India's Corporate Credit Ratings Improve for Fourth Consecutive Year: ICRA, Ind-Ra, Crisil Report Positive Outlook

ICRA Reports Robust Credit Upgrades in FY2025​


In fiscal 2024-25, India's corporate sector witnessed another year of strengthening credit profiles, with rating agency ICRA upgrading the ratings of 301 companies compared to 150 downgrades. This marks the fourth consecutive year of improved corporate credit profiles, highlighting resilience amid evolving economic conditions.


The credit ratio, representing upgrades versus downgrades, remained healthy at 2.0, although it moderated slightly from its peak of 3.0 recorded in FY2022.


Strengthening Balance Sheets Drive Improvements​


Commenting on the ongoing positive trend, K Ravichandran, Executive Vice President & Chief Rating Officer at ICRA, stated, “India Inc has experienced an extended period of credit profile improvement, largely attributable to strengthening balance sheets.”


Ravichandran further highlighted that over the last decade, the combined operating profits of approximately 6,000 listed and unlisted entities reviewed by ICRA grew at a Compound Annual Growth Rate (CAGR) of 12%, significantly outpacing the total debt growth rate, which stood at just 4%.


Ind-Ra Observes Lowest Downgrade-to-Upgrade Ratio in Four Years​


Similarly, India Ratings and Research (Ind-Ra) reaffirmed the trend of improving credit quality among corporates. Ind-Ra upgraded ratings for 330 issuers—representing 19% of their reviewed portfolio—in FY2025. Downgrades were limited to 94 issuers, approximately 5%, while affirmations stood at a robust 76%.


The downgrade-to-upgrade (D/U) ratio recorded by Ind-Ra improved notably to 0.28 in FY2025, compared to 0.37 in FY2024, maintaining a historic low for the fourth consecutive year.


Arvind Rao, Senior Director at Ind-Ra, attributed the sustained improvement in corporate credit profiles to robust balance sheets, underscoring the sector's resilience.


Crisil Ratings Predict Continued Positive Momentum​


Crisil Ratings also reported a strong credit performance in the second half (October-March) of FY2025, issuing 423 upgrades against 160 downgrades. The credit ratio for the period stood at 2.64, slightly lower than the 2.75 reported in the first half.


Subodh Rai, Managing Director at Crisil Ratings, stated, "Our credit quality outlook for India Inc remains positive, with upgrades expected to outnumber downgrades in fiscal 2026. The reaffirmation rate is also expected to remain stable at current levels."


Key Growth Drivers for Corporate India​


According to Crisil, corporate India's median revenue growth is projected to rise to 8% in FY2026 from 6.5% in FY2025. The agency anticipates a consumption boost from budgetary tax cuts, easing inflationary pressures, and expected reductions in interest rates.
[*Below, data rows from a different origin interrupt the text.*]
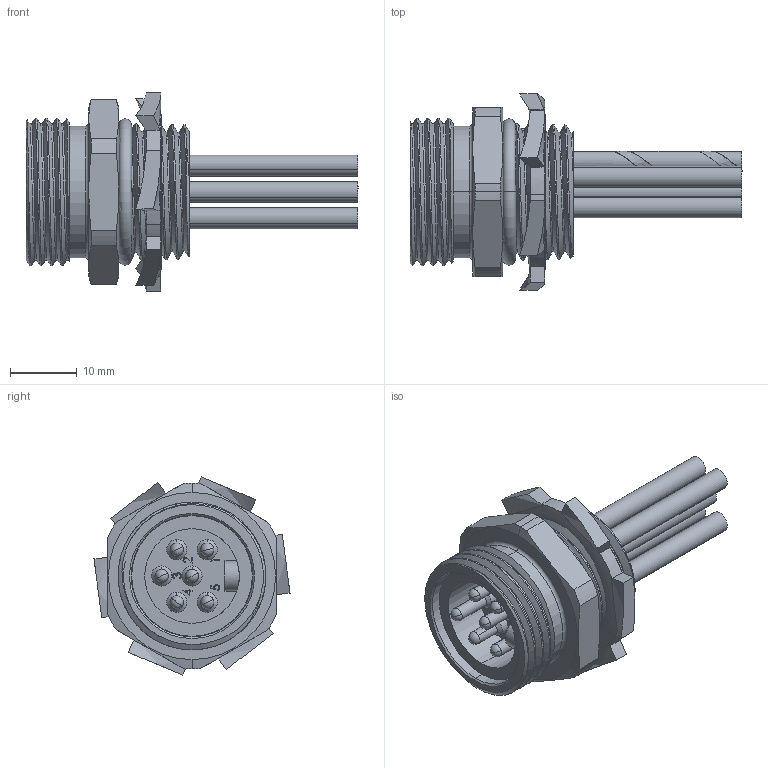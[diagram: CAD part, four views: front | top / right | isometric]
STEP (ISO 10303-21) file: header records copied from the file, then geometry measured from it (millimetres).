
FILE_DESCRIPTION (( 'STEP AP214' ), '1' );
FILE_NAME ('MIN-6MR-ZZ.STEP', '2015-08-13T00:00:56', ( 'Bruce Laptop' ), ( 'HP' ), 'SwSTEP 2.0', 'SolidWorks 2015', '' );
FILE_SCHEMA (( 'AUTOMOTIVE_DESIGN' ));
Length unit declared in the file: millimetre
Products named in the file (1): MIN-6MR-ZZ
Bounding box: 49.91 x 29.48 x 29.77 mm (x, y, z)
Volume: 9555.9 mm3; surface area: 7233.1 mm2
Topology: 1 solids, 1 shells, 280 faces, 738 edges, 471 vertices
Faces by surface type: plane 89, cylinder 86, bspline 54, cone 31, sphere 12, torus 8
Entity records: 20059 total; most frequent: CARTESIAN_POINT 10687, ORIENTED_EDGE 1452, DIRECTION 1131, EDGE_CURVE 726, VERTEX_POINT 471, AXIS2_PLACEMENT_3D 424, EDGE_LOOP 305, VECTOR 283
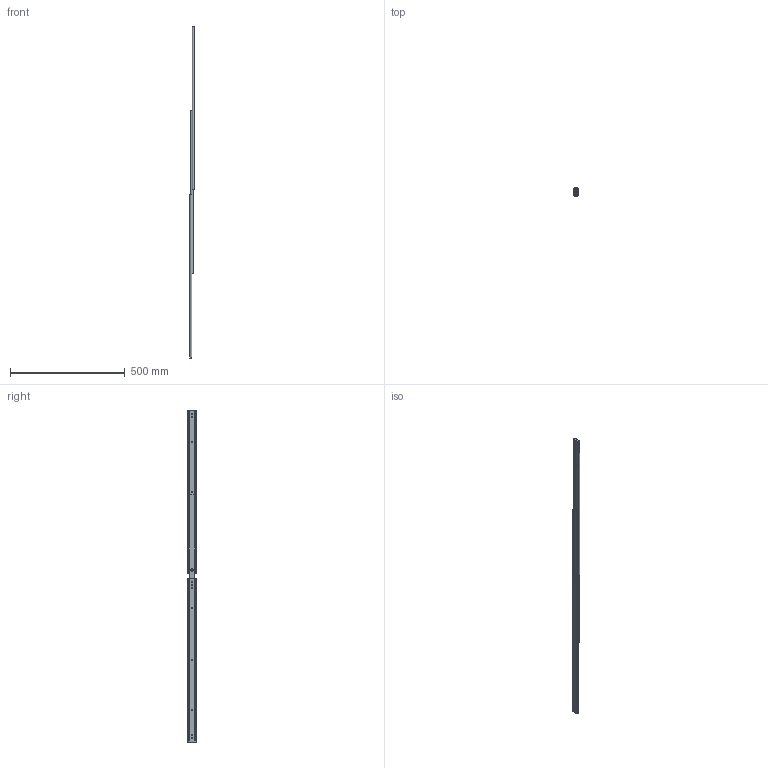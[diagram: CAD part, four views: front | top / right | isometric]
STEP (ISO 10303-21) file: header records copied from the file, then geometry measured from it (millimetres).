
FILE_DESCRIPTION (( 'STEP AP203' ), '1' );
FILE_NAME ('3531-28.STEP', '2020-06-15T06:39:49', ( '' ), ( '' ), 'SwSTEP 2.0', 'SolidWorks 2019', '' );
FILE_SCHEMA (( 'CONFIG_CONTROL_DESIGN' ));
Length unit declared in the file: millimetre
Products named in the file (4): CM-3531-28 AS; 3531-28; IM-3531-28 ; OM-3531-28 
Assembly tree (5 placements, depth 3):
  3531-28
    OM-3531-28   x2
    CM-3531-28 AS
      IM-3531-28   x2
Bounding box: 19.2 x 35.3 x 1443.9 mm (x, y, z)
Volume: 179279.7 mm3; surface area: 234317.1 mm2
Topology: 4 solids, 4 shells, 244 faces, 704 edges, 468 vertices
Faces by surface type: plane 124, cylinder 120
Entity records: 4714 total; most frequent: CARTESIAN_POINT 905, DIRECTION 714, ORIENTED_EDGE 704, EDGE_CURVE 352, AXIS2_PLACEMENT_3D 247, VERTEX_POINT 234, VECTOR 220, LINE 220
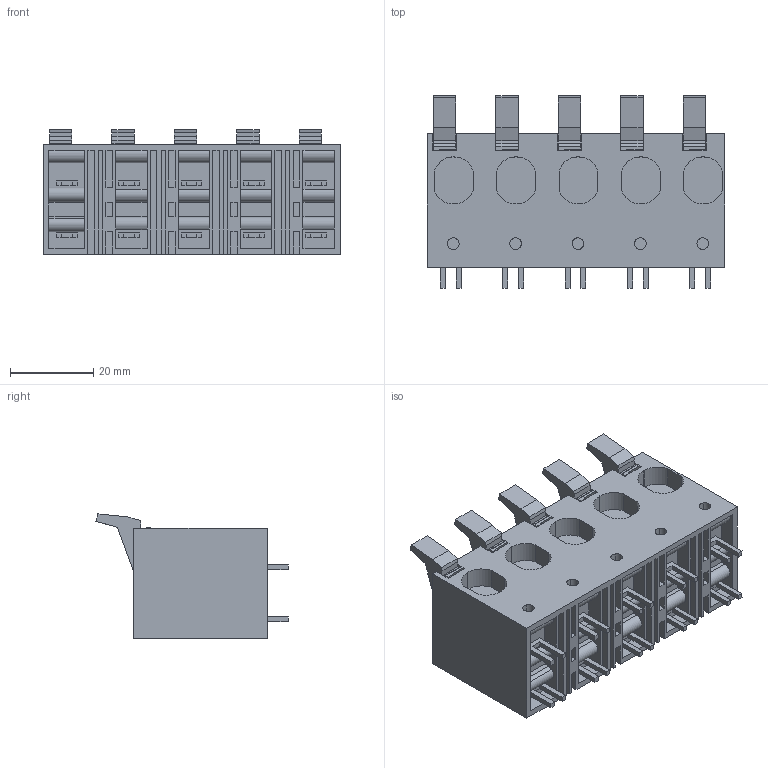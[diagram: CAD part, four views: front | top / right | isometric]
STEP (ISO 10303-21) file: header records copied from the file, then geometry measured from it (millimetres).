
FILE_DESCRIPTION(('CATIA V5R24 STEP','CAx-IF Rec.Pracs.--- Model Styling and Organization---1.2---2011-12-15'),'2;1');
FILE_NAME ('D1462832_0', '2017-06-27T06:30:05+00:00', ('Weidmueller Interface'), ('Weidmueller'), 'CATIA Version 5-6 Release 2014 SP4 HF52', 'CATIA V5 STEP AP214', 'none');
FILE_SCHEMA(('AUTOMOTIVE_DESIGN { 1 0 10303 214 1 1 1 1 }'));
Length unit declared in the file: millimetre
Products named in the file (1): 2491920000
Bounding box: 71.58 x 46.24 x 29.9 mm (x, y, z)
Volume: 48923.2 mm3; surface area: 23143.6 mm2
Topology: 16 solids, 16 shells, 529 faces, 1422 edges, 956 vertices
Faces by surface type: plane 467, cylinder 62
Entity records: 15952 total; most frequent: ORIENTED_EDGE 2844, CARTESIAN_POINT 2816, DIRECTION 2160, EDGE_CURVE 1422, VECTOR 1298, LINE 1298, VERTEX_POINT 956, EDGE_LOOP 560

Additionally, Crisil emphasized that ongoing investments in infrastructure development will have a significant multiplier effect, benefiting related sectors. Three major sectors—capital goods, construction (especially roads and bridges), and retail—are particularly poised to benefit from heightened domestic demand.


However, the rating agency cautioned that sectors linked to global markets, such as specialty chemicals, diamond polishing, and agrochemicals, require close monitoring due to potential challenges from moderating global economic growth and external uncertainties.